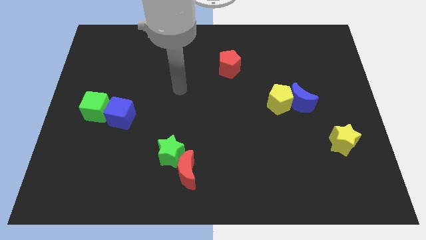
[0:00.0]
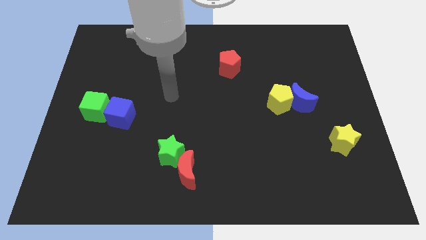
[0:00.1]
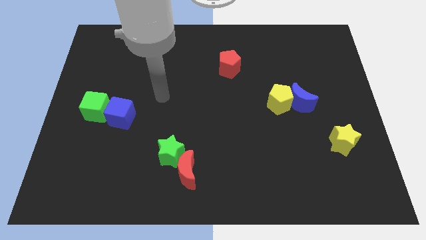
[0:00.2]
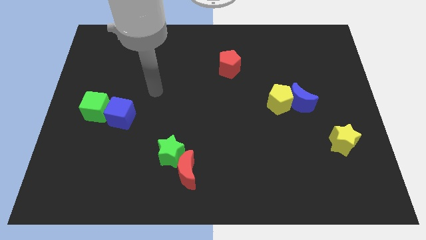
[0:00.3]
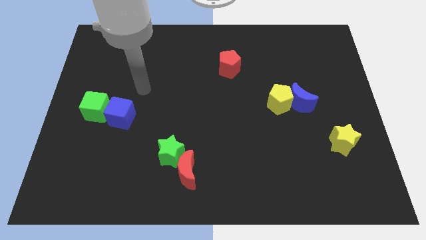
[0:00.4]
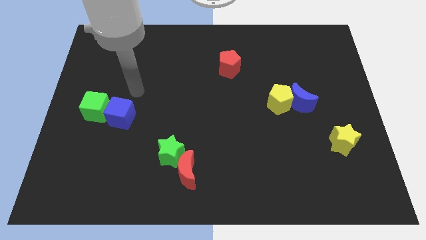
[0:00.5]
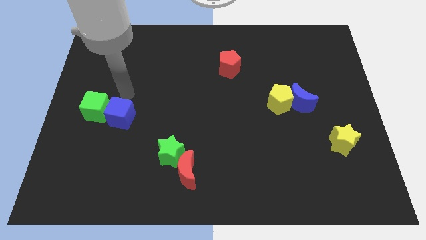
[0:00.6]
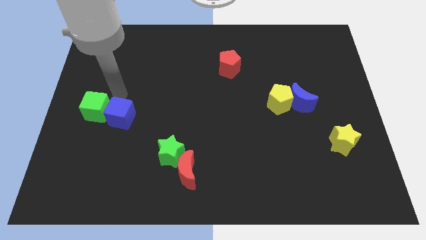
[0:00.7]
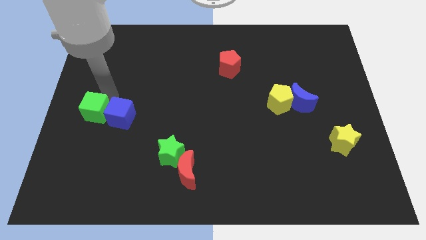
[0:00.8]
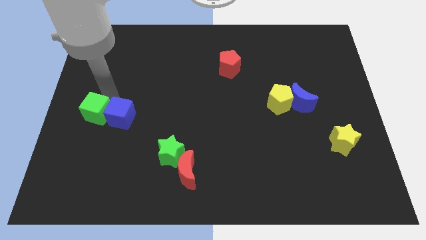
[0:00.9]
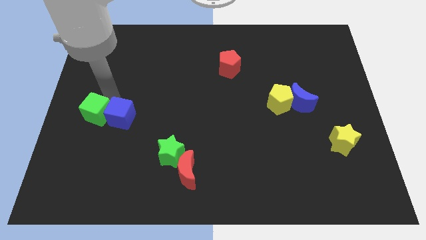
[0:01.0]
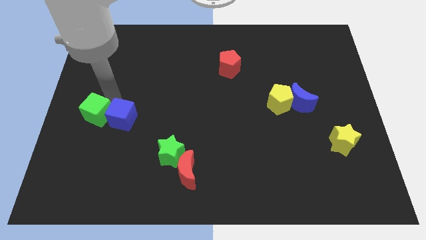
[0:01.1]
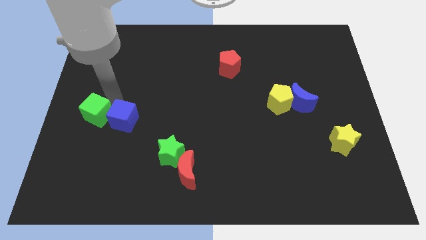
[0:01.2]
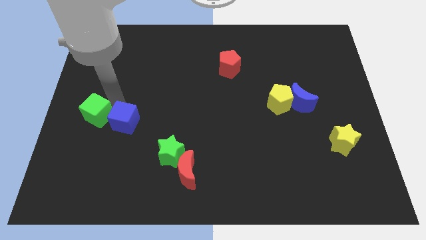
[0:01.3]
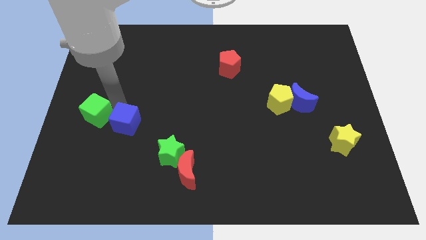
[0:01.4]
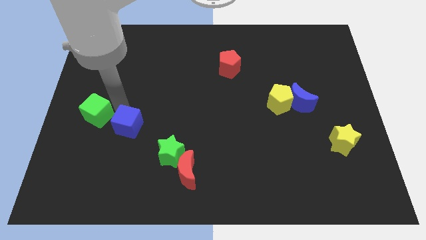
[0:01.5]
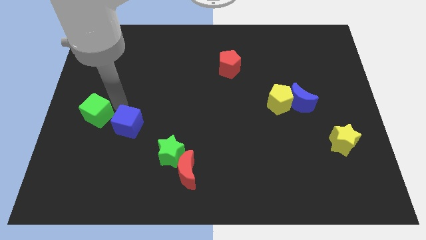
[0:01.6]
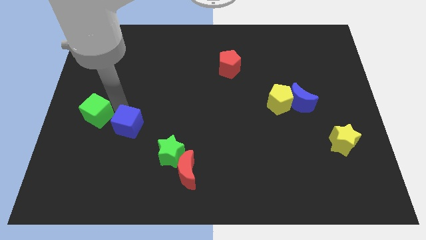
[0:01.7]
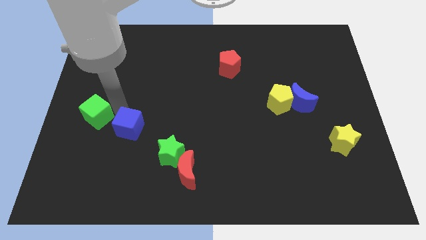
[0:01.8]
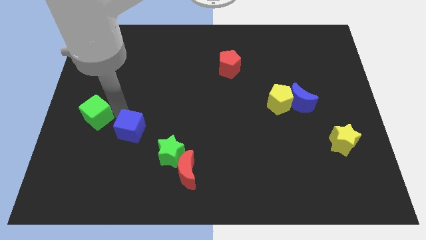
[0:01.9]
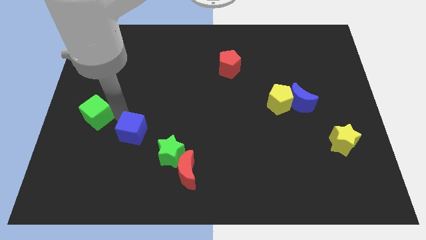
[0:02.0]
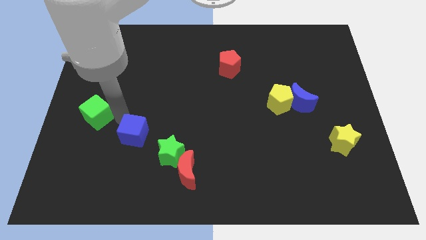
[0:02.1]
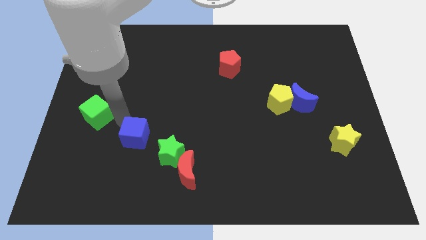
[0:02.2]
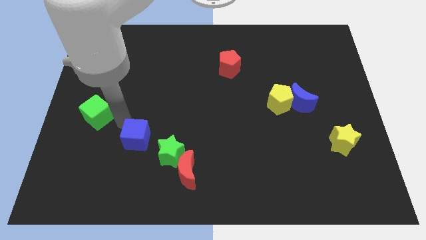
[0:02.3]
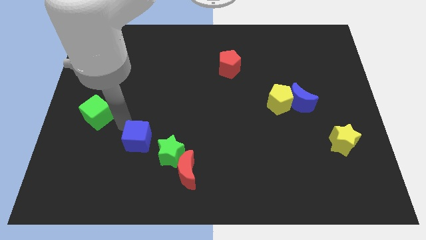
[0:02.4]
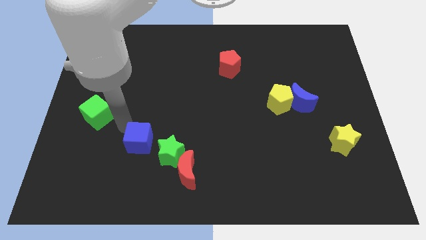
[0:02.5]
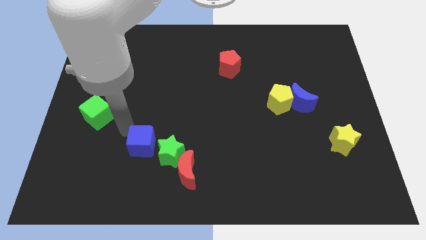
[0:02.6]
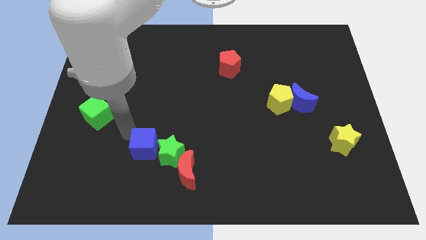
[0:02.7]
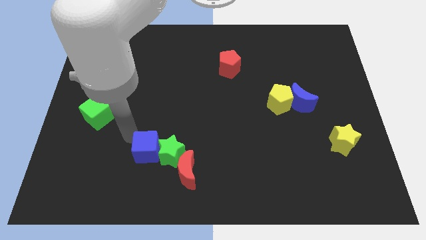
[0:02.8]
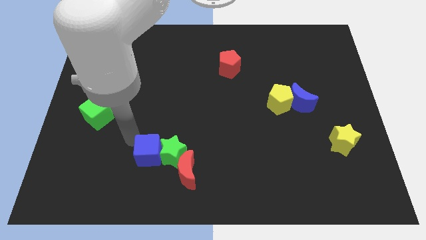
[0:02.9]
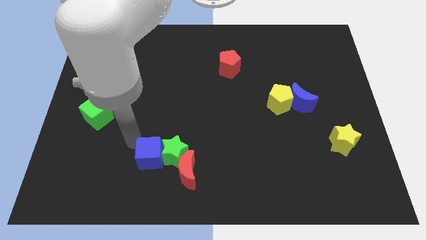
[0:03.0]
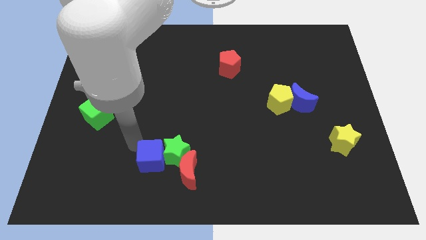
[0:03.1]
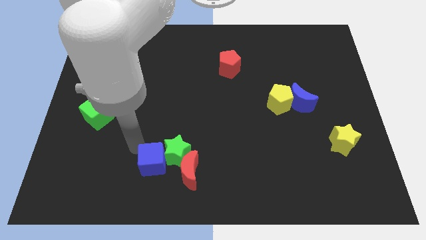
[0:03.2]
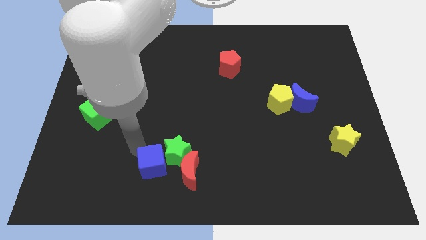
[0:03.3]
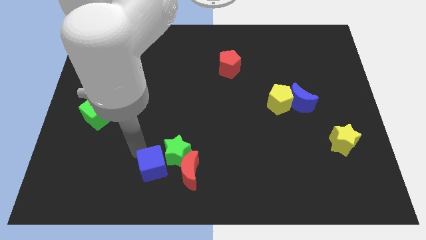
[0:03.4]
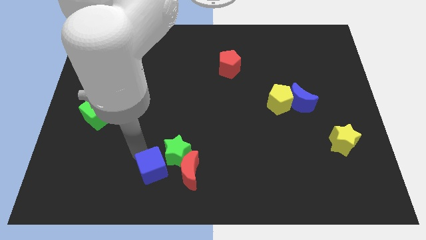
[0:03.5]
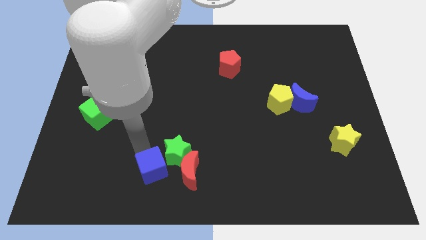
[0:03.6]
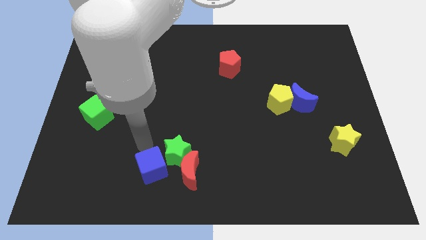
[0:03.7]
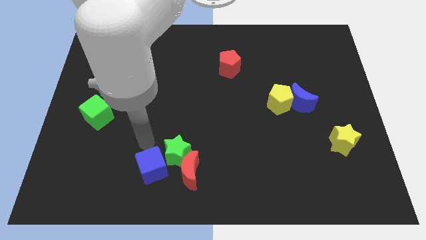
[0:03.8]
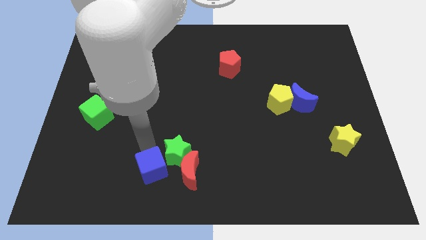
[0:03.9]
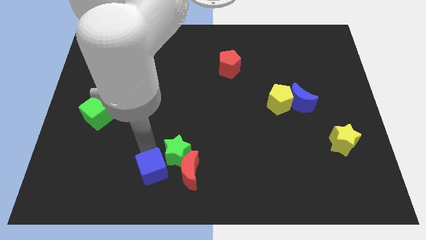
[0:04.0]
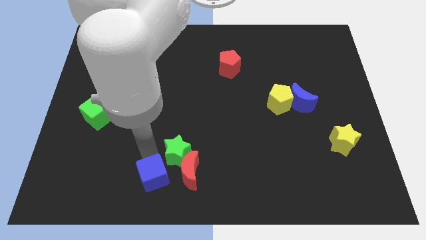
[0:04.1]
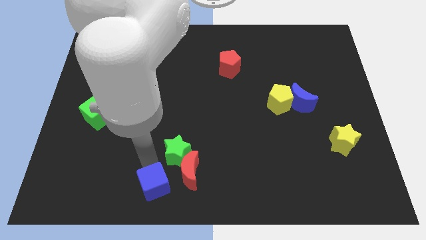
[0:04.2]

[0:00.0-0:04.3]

* _Instructions for the task_
Print all of the material exactly. Omit pictures.

* _Solution below_
[0:00.0]
[0:00.1]
[0:00.2]
[0:00.3]
[0:00.4]
[0:00.5]
[0:00.6]
[0:00.7]
[0:00.8]
[0:00.9]
[0:01.0]
[0:01.1]
[0:01.2]
[0:01.3]
[0:01.4]
[0:01.5]
[0:01.6]
[0:01.7]
[0:01.8]
[0:01.9]
[0:02.0]
[0:02.1]
[0:02.2]
[0:02.3]
[0:02.4]
[0:02.5]
[0:02.6]
[0:02.7]
[0:02.8]
[0:02.9]
[0:03.0]
[0:03.1]
[0:03.2]
[0:03.3]
[0:03.4]
[0:03.5]
[0:03.6]
[0:03.7]
[0:03.8]
[0:03.9]
[0:04.0]
[0:04.1]
[0:04.2]

[0:00.0-0:04.3]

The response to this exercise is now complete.